Associations Between Non-Cognitive Skills, Self-Rated Health, Life Style, and Concern About Food in 6-16-Year-Old Japanese Students


  •  Tomoko Osera    
  •  Mitsuyo Awai    
  •  Misako Kobayashi    
  •  Setsuko Tsutie    
  •  Nobutaka Kurihara    

Abstract

Little is known about the effects of the non-cognitive skills on health. In this study, questionnaires were distributed to 1,658 school children aged 6–16 years and their parents in Hyogo Prefecture in Japan, who completed them at home and returned them in Freepost envelopes. The questionnaires included items about the child and his/her self-rated health (SRH), lifestyle, food-related habits and attitudes. The responses were anonymous and unidentifiable. Associations between the independent variables and high/low non-cognitive skills were assessed with the χ2 test or Fisher’s exact test at a 5% level of significance.
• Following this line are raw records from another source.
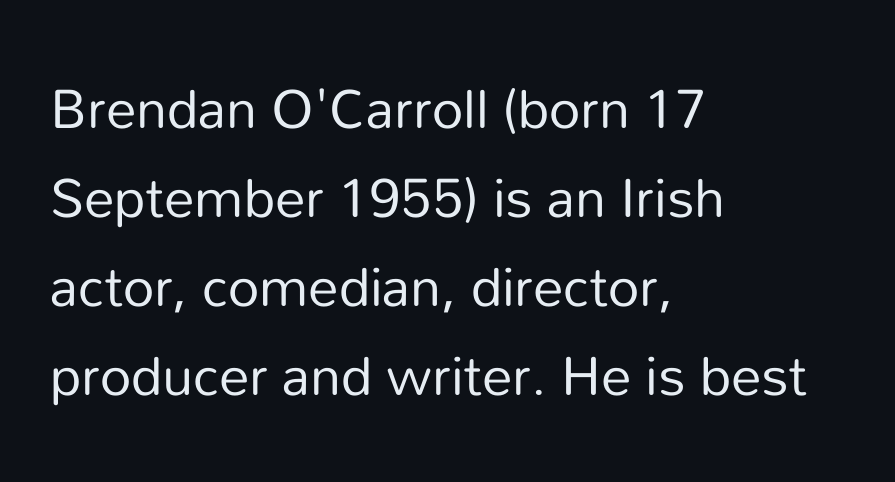
{"serif": "no", "italic": "no", "bold": "no", "weight": "regular", "width": "normal", "stroke_contrast": "low", "x_height": "medium", "monospaced": "no", "underline": "no", "align": "left", "line_spacing": "normal", "line_spacing_ratio": 1.46, "letter_spacing": "normal", "letter_spacing_em": 0.0, "glyph_px": 61}
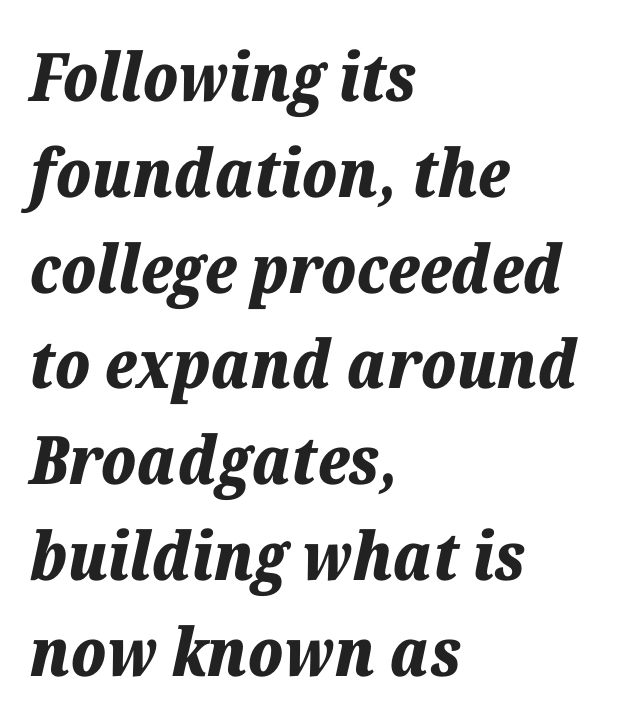
{"italic": "yes", "lean": "right", "slant_degrees": 12, "bold": "yes", "weight": "bold", "width": "normal", "stroke_contrast": "low", "x_height": "medium", "monospaced": "no", "underline": "no", "align": "left", "line_spacing": "normal", "line_spacing_ratio": 1.43, "letter_spacing": "normal", "letter_spacing_em": 0.0, "glyph_px": 67}
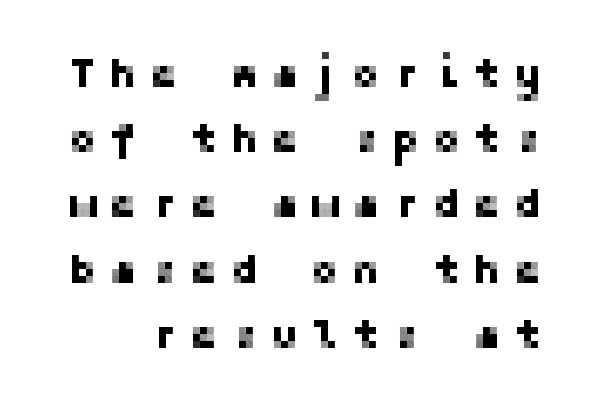
The image shows 41 px sans-serif type, upright; set normal line spacing (1.59x), unusually wide letter spacing (+0.32 em), not underlined; low stroke contrast and a medium x-height.
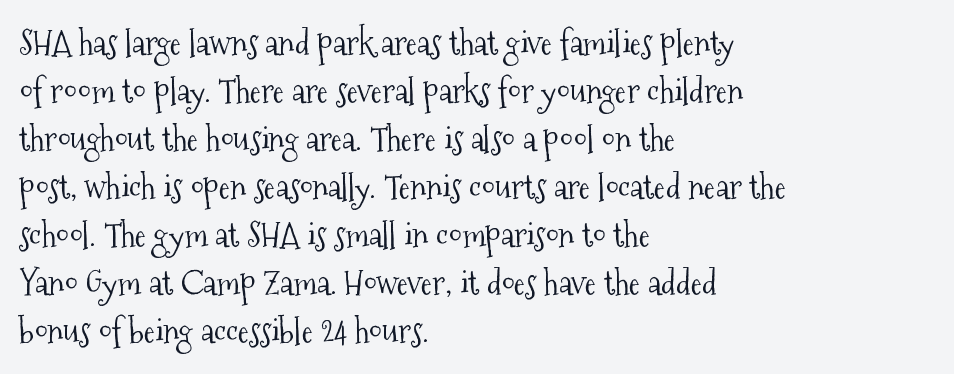
Q: Is the text bold? A: No.
Q: Is the text italic (slanted)? A: No, it is upright.
Q: Is the typeface a serif or a sans-serif typeface? A: Serif.
Q: Is the text underlined? A: No.
Q: How is the paragraph aligned? A: Left-aligned.
Q: Is the spacing between letters normal or unusually wide? A: Normal.
Q: Is the spacing between lines tight, normal or loose? A: Normal.
Q: Width (condensed, normal, or wide)? A: Condensed.
Q: Stroke contrast? A: Medium.
Q: x-height? A: Medium.
Q: Monospaced? A: No.
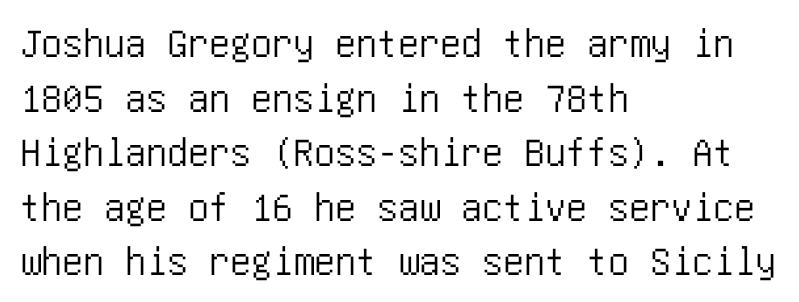
The image shows 42 px condensed sans-serif type, upright; set left-aligned, normal line spacing (1.3x), normal letter spacing, not underlined; low stroke contrast and a large x-height.
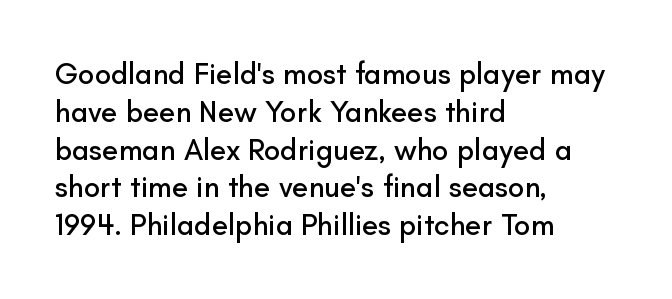
A typesetter would call this leading conventional body-copy spacing. The area under the type is left untouched. These lines are rendered in a variable-pitch font. The typography opts for an upright posture over an oblique one.
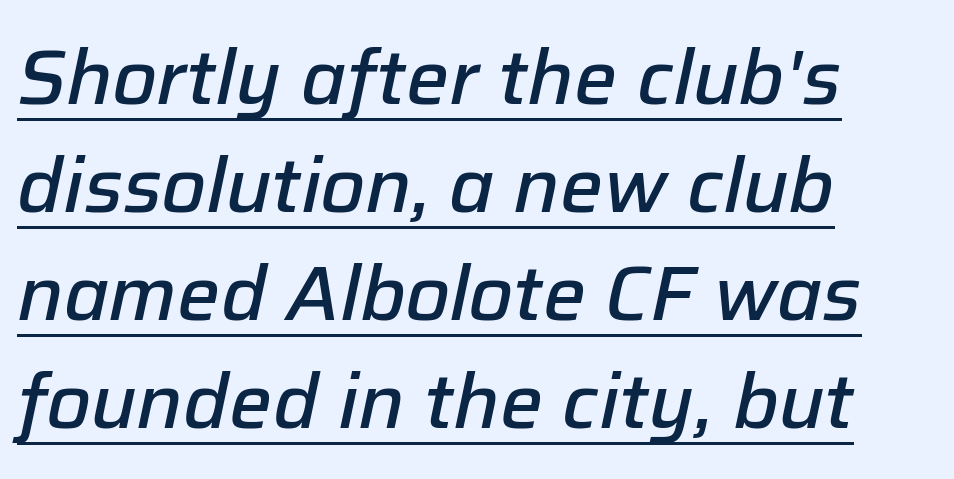
This sample uses an oblique cut, with every glyph tilted off the vertical. Underline: present. The passage is arranged the way most books set body copy — flush left. The space between consecutive lines is moderate. The letterforms sit shoulder to shoulder at normal distance. A typesetter would call this proportional, since set widths differ per character.
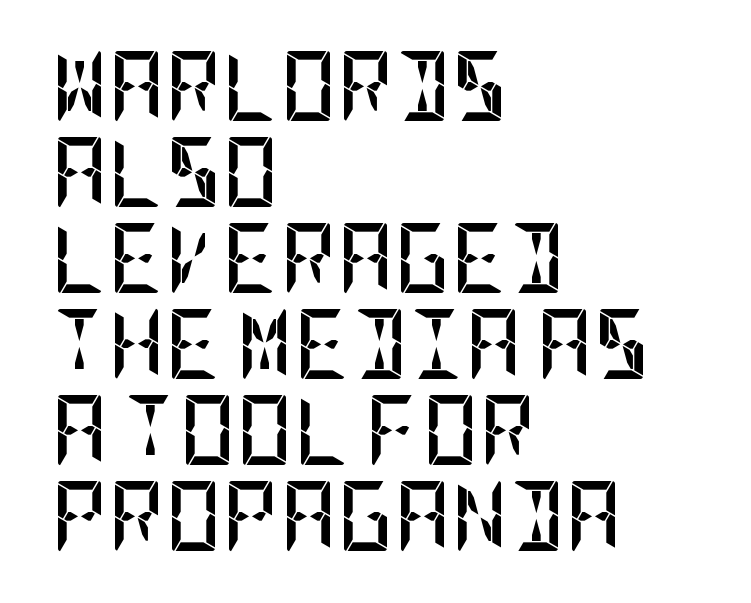
{"serif": "no", "italic": "no", "bold": "yes", "weight": "semibold", "width": "condensed", "stroke_contrast": "low", "x_height": "large", "underline": "no", "align": "left", "line_spacing_ratio": 1.23, "letter_spacing": "normal", "letter_spacing_em": 0.0, "glyph_px": 70}
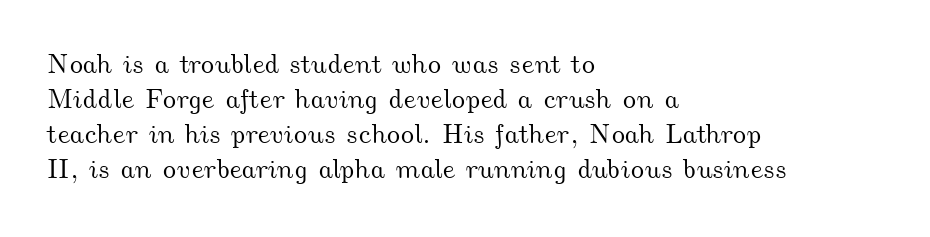
Q: Is the text underlined? A: No.
Q: How is the paragraph aligned? A: Left-aligned.
Q: Is the spacing between letters normal or unusually wide? A: Normal.
Q: Is the spacing between lines tight, normal or loose? A: Normal.
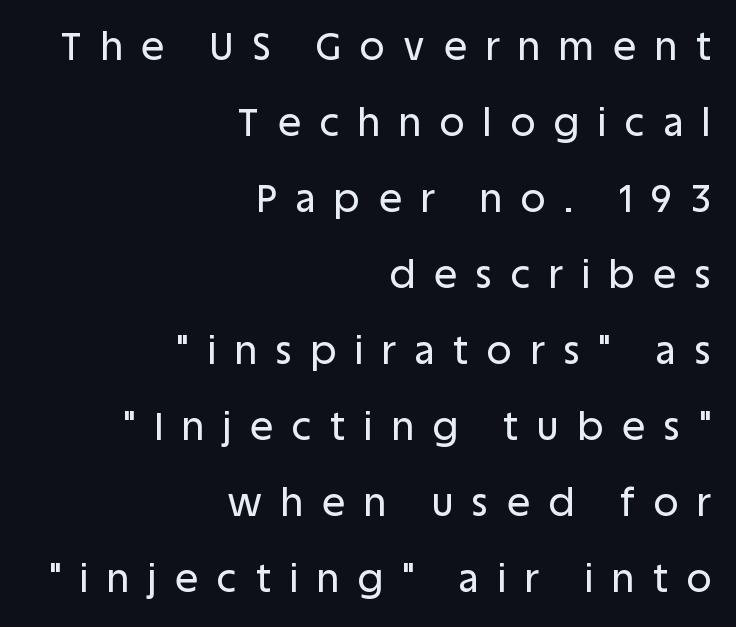
The leading is generous, giving the passage an open texture. These lines are rendered in a variable-pitch font. A flush-right, rag-left setting is used for this passage. The gaps between neighbouring characters are conspicuously large.

Groups with high and low non-cognitive skills were defined and factors that differed significantly between them were examined using logistic regression analysis. In total, 496 (29.9%) returned both completed questionnaires. In this study, we separated the children and students aged 6–12 and 13–16 years, respectively. Furthermore, we categorized them according to the Japanese education system. Among the children aged 6–12 years, the high non-cognitive skills group suffered fewer headaches, went to bed earlier, had a greater preference for home-cooked meals, and had better exercise habits compared with the low non-cognitive skills group. In the students aged 13–16 years, the high non-cognitive skills group experienced fewer headaches, went to bed earlier, had a greater preference for home-cooked meals, and had better exercise habits compared with the low non-cognitive skills group. In conclusion, the findings of this study suggested that a high level of non-cognitive skills was associated with high SRH and greater concern about food.